▶ _Dataset entries_
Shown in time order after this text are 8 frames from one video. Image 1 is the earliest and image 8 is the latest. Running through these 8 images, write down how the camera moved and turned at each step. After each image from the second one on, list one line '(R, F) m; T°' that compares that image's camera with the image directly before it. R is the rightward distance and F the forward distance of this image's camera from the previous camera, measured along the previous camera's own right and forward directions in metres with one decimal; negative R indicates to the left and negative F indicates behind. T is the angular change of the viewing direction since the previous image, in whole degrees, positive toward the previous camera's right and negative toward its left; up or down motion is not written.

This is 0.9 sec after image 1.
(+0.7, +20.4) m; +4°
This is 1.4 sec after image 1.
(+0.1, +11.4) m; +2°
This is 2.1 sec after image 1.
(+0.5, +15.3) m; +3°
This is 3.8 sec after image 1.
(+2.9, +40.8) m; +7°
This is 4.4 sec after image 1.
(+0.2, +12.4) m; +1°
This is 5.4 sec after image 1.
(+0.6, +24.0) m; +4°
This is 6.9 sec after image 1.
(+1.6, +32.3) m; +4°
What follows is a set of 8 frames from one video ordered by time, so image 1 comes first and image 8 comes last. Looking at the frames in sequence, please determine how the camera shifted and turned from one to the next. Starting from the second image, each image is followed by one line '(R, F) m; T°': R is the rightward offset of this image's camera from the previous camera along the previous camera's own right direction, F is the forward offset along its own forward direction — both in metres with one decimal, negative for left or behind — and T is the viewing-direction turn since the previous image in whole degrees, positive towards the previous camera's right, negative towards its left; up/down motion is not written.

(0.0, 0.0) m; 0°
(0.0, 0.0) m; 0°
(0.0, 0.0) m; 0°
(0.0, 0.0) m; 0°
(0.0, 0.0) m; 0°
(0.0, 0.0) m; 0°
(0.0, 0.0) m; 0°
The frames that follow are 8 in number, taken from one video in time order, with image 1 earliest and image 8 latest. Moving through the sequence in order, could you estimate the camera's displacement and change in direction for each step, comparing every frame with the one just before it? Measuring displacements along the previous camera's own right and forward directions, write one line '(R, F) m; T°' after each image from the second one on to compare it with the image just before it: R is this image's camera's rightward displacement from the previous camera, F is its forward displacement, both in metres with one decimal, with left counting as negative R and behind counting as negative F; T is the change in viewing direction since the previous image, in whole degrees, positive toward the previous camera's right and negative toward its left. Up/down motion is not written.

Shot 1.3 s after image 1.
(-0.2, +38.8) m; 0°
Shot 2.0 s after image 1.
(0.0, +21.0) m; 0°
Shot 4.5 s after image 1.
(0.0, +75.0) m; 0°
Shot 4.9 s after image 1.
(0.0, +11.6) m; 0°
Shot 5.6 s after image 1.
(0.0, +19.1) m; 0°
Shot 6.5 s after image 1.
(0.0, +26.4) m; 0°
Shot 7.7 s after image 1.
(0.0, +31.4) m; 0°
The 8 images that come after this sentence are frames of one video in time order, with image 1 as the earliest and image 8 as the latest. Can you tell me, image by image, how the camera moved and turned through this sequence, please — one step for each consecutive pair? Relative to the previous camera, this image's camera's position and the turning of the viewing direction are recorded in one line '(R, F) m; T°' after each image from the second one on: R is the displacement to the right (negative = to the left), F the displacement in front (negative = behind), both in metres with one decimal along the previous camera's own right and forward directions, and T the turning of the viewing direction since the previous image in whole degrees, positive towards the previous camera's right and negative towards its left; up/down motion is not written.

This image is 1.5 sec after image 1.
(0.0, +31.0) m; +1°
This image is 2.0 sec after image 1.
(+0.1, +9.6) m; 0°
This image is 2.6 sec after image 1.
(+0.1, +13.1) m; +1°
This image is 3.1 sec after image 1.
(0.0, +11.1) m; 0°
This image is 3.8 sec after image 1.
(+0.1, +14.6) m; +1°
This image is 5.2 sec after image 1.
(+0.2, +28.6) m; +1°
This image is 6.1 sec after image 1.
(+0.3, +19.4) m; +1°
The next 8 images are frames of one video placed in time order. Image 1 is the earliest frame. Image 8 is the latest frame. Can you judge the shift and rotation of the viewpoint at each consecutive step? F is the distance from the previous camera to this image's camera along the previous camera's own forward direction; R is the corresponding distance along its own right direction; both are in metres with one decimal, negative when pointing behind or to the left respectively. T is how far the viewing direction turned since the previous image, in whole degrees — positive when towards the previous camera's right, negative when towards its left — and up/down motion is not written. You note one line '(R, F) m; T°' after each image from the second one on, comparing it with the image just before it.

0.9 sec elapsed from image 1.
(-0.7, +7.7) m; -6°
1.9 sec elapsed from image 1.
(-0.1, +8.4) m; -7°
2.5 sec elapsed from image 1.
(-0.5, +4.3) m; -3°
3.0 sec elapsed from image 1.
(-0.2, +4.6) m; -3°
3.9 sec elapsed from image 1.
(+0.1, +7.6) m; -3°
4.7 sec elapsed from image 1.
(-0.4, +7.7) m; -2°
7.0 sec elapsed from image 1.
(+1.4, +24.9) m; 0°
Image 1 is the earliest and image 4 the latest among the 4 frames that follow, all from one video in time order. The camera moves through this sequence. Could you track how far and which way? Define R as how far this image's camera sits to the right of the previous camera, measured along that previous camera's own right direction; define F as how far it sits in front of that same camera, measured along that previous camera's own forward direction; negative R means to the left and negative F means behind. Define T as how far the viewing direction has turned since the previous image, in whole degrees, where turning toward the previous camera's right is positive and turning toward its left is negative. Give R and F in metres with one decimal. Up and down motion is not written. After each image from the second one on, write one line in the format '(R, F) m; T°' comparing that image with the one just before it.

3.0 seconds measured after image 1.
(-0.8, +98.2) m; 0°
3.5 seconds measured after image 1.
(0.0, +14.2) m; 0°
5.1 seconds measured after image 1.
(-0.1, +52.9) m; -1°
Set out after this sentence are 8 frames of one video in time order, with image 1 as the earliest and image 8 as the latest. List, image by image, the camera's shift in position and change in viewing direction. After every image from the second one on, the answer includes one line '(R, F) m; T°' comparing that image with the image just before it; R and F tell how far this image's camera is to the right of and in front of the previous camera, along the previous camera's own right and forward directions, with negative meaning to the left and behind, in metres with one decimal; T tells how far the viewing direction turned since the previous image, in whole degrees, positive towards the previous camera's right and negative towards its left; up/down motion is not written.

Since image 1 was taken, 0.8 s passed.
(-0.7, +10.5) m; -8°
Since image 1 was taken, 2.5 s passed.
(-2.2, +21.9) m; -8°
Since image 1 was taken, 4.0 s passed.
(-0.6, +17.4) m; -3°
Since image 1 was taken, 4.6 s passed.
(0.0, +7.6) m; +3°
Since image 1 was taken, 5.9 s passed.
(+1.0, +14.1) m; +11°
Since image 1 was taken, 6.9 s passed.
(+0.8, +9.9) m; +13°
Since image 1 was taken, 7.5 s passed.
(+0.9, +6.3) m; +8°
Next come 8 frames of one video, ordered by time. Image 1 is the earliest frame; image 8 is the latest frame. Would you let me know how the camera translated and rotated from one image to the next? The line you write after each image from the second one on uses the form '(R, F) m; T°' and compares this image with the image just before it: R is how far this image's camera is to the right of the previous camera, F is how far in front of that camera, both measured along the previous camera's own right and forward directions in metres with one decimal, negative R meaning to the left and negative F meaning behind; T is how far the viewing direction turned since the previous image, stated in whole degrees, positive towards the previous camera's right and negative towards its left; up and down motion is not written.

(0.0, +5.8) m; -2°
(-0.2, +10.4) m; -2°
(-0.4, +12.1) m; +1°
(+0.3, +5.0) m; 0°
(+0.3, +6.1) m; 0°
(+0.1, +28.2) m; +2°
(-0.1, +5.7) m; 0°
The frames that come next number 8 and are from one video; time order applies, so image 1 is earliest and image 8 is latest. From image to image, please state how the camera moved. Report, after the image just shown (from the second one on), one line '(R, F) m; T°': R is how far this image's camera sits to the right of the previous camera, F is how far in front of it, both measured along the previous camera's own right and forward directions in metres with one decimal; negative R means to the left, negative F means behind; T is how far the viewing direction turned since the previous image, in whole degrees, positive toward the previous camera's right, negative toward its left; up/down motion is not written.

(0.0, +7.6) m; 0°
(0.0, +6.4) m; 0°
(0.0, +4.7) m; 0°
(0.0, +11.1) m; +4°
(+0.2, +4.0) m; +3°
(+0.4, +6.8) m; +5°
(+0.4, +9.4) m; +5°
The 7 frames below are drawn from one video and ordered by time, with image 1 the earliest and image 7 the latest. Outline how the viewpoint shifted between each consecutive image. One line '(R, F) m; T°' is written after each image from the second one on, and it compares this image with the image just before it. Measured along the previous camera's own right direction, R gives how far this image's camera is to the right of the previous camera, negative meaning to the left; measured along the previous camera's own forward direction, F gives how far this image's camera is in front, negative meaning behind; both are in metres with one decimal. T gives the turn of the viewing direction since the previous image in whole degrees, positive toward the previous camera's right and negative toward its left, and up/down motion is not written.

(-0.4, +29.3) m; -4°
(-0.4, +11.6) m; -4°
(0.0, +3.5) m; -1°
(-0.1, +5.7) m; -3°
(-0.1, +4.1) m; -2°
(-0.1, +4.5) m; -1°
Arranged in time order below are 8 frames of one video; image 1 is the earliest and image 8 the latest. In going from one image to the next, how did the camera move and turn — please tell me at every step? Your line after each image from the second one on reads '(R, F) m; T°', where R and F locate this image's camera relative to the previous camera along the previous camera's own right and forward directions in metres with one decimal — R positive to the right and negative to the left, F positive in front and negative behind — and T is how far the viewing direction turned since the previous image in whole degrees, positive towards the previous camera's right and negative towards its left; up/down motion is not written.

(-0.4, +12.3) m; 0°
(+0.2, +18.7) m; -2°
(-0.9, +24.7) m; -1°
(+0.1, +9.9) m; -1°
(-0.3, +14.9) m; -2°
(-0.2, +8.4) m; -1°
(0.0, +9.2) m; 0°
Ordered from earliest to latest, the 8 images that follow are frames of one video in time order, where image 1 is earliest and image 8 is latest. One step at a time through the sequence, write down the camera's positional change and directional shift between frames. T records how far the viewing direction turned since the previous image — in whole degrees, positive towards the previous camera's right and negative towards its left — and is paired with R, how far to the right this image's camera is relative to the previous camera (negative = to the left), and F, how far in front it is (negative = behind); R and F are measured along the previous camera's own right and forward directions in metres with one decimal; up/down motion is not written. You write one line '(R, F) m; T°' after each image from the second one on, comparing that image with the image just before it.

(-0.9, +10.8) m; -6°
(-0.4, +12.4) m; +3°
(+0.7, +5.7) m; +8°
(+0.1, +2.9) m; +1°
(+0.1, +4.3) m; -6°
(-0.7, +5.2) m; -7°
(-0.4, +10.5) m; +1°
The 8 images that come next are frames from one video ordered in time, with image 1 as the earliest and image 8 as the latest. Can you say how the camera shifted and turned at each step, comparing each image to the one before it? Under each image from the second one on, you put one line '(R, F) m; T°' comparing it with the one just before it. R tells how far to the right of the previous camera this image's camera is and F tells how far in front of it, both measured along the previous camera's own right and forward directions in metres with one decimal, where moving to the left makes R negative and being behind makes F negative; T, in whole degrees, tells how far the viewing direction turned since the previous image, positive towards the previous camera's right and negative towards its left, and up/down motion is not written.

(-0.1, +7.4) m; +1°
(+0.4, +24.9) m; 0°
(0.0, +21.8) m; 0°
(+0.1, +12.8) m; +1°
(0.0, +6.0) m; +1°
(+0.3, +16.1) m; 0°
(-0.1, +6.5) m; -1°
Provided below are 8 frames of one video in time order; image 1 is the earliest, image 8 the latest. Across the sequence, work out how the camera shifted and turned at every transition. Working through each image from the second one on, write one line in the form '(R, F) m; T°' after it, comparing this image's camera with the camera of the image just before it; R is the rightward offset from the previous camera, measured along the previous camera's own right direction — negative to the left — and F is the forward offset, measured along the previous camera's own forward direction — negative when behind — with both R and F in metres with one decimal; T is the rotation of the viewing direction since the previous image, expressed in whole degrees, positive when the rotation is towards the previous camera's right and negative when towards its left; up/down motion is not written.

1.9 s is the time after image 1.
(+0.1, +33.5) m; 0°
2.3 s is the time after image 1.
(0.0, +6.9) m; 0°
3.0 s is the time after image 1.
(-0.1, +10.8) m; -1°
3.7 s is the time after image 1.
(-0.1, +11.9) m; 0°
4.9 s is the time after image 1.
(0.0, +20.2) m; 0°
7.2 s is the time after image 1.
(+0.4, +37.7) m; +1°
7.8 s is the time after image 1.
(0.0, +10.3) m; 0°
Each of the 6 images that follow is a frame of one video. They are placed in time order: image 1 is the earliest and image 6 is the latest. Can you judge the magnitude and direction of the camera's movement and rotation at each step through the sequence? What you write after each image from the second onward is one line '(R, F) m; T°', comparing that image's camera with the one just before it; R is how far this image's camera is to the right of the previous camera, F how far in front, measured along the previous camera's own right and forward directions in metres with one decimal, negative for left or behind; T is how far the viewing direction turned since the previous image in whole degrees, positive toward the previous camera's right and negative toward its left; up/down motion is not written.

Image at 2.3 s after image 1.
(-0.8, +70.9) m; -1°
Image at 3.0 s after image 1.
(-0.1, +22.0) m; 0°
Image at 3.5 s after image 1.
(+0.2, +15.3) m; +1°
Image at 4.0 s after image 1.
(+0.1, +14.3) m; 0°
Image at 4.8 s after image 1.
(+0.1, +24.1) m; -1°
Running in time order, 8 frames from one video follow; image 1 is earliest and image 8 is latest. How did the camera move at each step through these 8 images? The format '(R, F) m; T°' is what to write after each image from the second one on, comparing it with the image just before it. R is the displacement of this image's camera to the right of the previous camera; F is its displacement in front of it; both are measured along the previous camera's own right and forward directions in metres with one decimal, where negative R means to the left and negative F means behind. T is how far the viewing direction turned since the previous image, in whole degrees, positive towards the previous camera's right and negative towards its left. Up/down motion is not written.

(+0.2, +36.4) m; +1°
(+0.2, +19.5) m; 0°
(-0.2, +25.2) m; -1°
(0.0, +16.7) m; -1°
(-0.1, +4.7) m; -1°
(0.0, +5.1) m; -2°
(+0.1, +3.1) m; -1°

▶ _Assigned task_
From the line containing "Image at 4.0 s after image 1." through the end of the material, print each line exactly as it appears.

▶ _Response box_
Image at 4.0 s after image 1.
(+0.1, +14.3) m; 0°
Image at 4.8 s after image 1.
(+0.1, +24.1) m; -1°
Running in time order, 8 frames from one video follow; image 1 is earliest and image 8 is latest. How did the camera move at each step through these 8 images? The format '(R, F) m; T°' is what to write after each image from the second one on, comparing it with the image just before it. R is the displacement of this image's camera to the right of the previous camera; F is its displacement in front of it; both are measured along the previous camera's own right and forward directions in metres with one decimal, where negative R means to the left and negative F means behind. T is how far the viewing direction turned since the previous image, in whole degrees, positive towards the previous camera's right and negative towards its left. Up/down motion is not written.

(+0.2, +36.4) m; +1°
(+0.2, +19.5) m; 0°
(-0.2, +25.2) m; -1°
(0.0, +16.7) m; -1°
(-0.1, +4.7) m; -1°
(0.0, +5.1) m; -2°
(+0.1, +3.1) m; -1°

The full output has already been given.